▸ TASK TO CARRY OUT
Which lines of the records contain the word "fundus"? Show each of them.

▸ AVAILABLE DATA

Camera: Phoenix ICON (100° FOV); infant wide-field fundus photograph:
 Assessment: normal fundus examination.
---
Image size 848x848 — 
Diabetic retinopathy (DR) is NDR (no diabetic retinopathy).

▸ RESULT OF THIS TASK
Camera: Phoenix ICON (100° FOV); infant wide-field fundus photograph:
 Assessment: normal fundus examination.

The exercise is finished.